Your answer must match the records word for word and contain no pictures.

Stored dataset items
========================================

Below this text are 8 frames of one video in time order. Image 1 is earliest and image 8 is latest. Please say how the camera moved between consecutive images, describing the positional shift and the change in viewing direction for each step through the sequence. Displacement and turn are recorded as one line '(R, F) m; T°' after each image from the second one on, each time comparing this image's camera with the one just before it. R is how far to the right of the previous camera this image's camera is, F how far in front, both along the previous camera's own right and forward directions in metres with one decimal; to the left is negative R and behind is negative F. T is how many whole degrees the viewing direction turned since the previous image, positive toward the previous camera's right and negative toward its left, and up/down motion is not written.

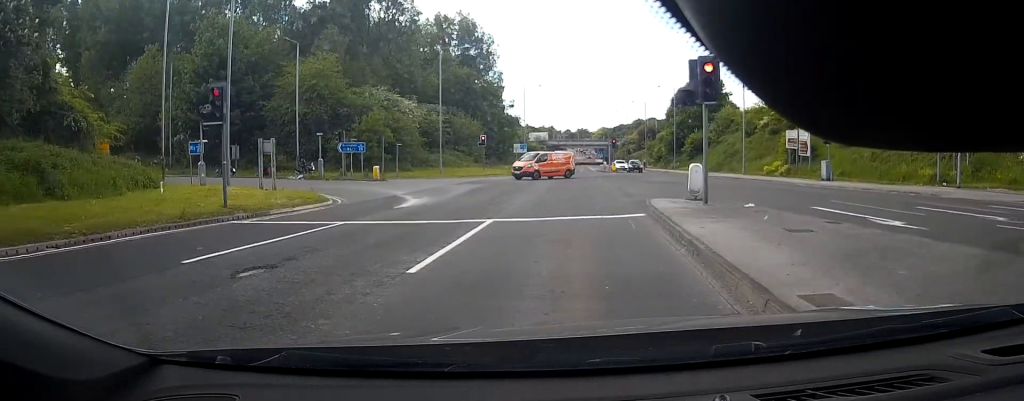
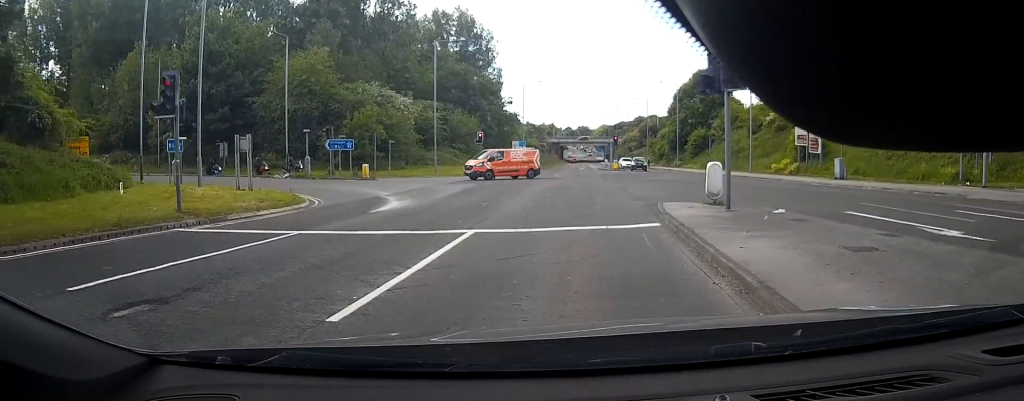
(0.0, +2.4) m; -1°
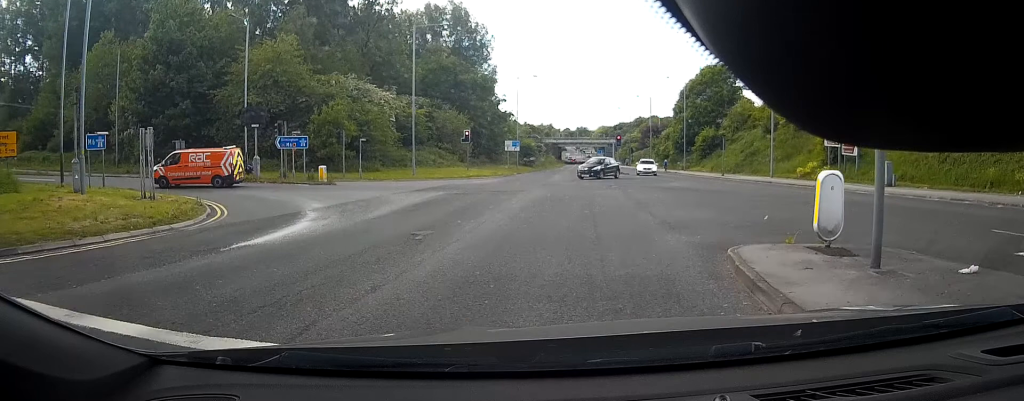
(+0.1, +7.1) m; +5°
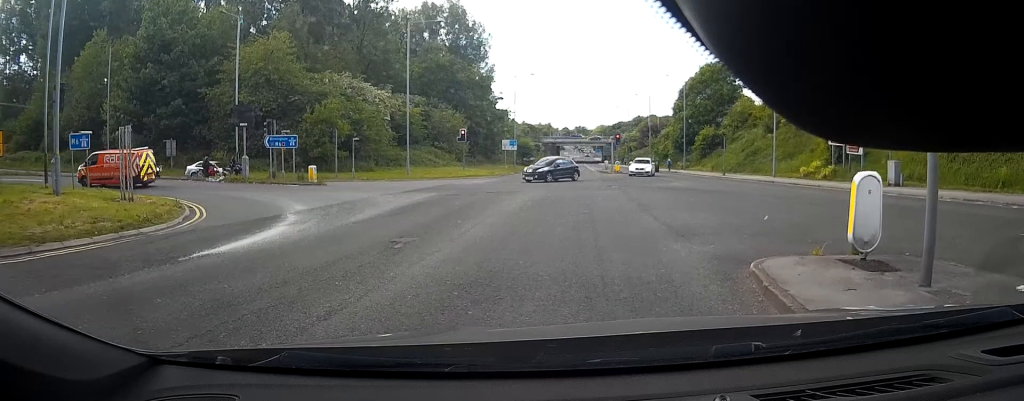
(+0.1, +1.4) m; +3°
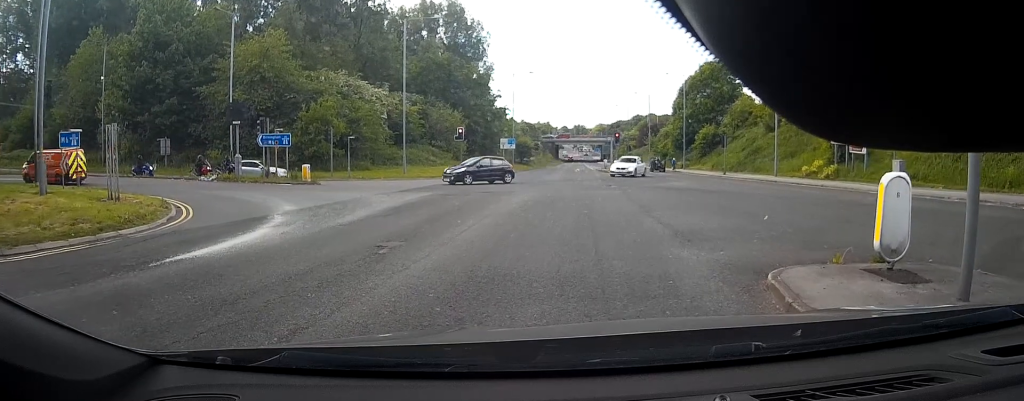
(0.0, +0.8) m; 0°
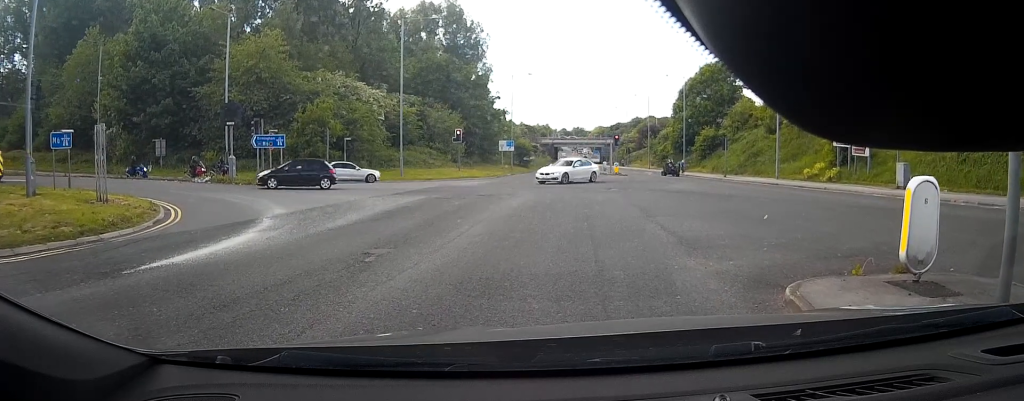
(0.0, +1.1) m; 0°
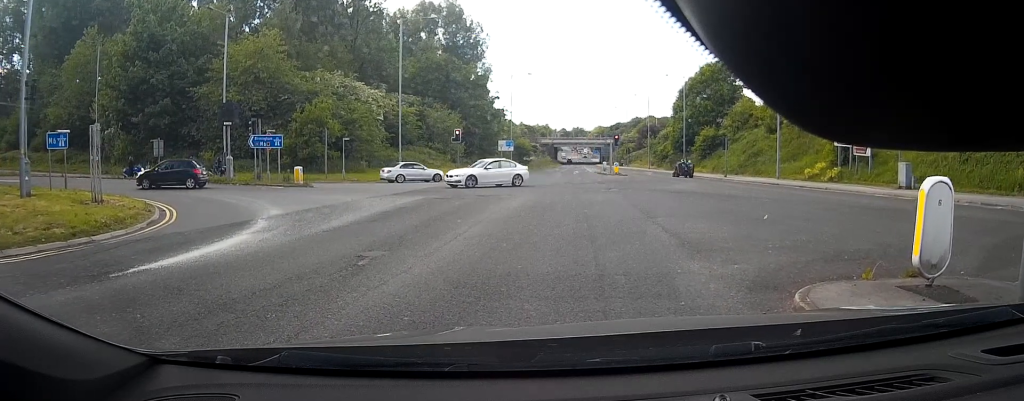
(0.0, +0.5) m; 0°
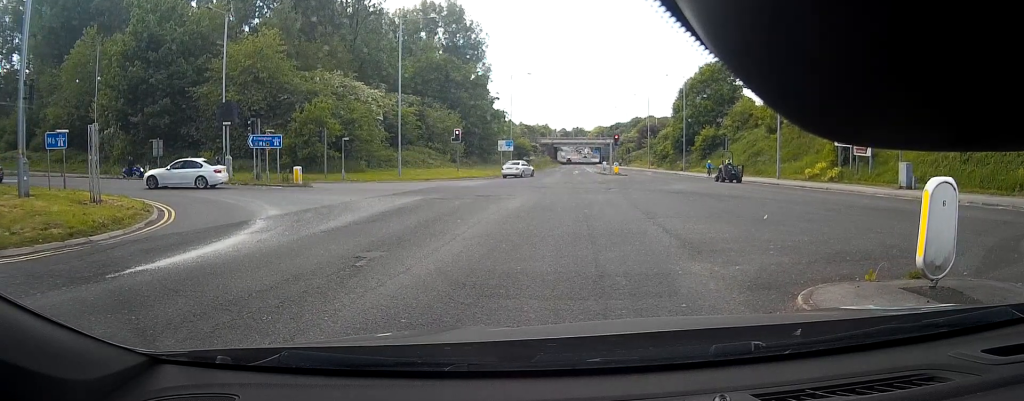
(-0.1, +0.4) m; 0°

========================================

Problem solution:
Below this text are 8 frames of one video in time order. Image 1 is earliest and image 8 is latest. Please say how the camera moved between consecutive images, describing the positional shift and the change in viewing direction for each step through the sequence. Displacement and turn are recorded as one line '(R, F) m; T°' after each image from the second one on, each time comparing this image's camera with the one just before it. R is how far to the right of the previous camera this image's camera is, F how far in front, both along the previous camera's own right and forward directions in metres with one decimal; to the left is negative R and behind is negative F. T is how many whole degrees the viewing direction turned since the previous image, positive toward the previous camera's right and negative toward its left, and up/down motion is not written.

(0.0, +2.4) m; -1°
(+0.1, +7.1) m; +5°
(+0.1, +1.4) m; +3°
(0.0, +0.8) m; 0°
(0.0, +1.1) m; 0°
(0.0, +0.5) m; 0°
(-0.1, +0.4) m; 0°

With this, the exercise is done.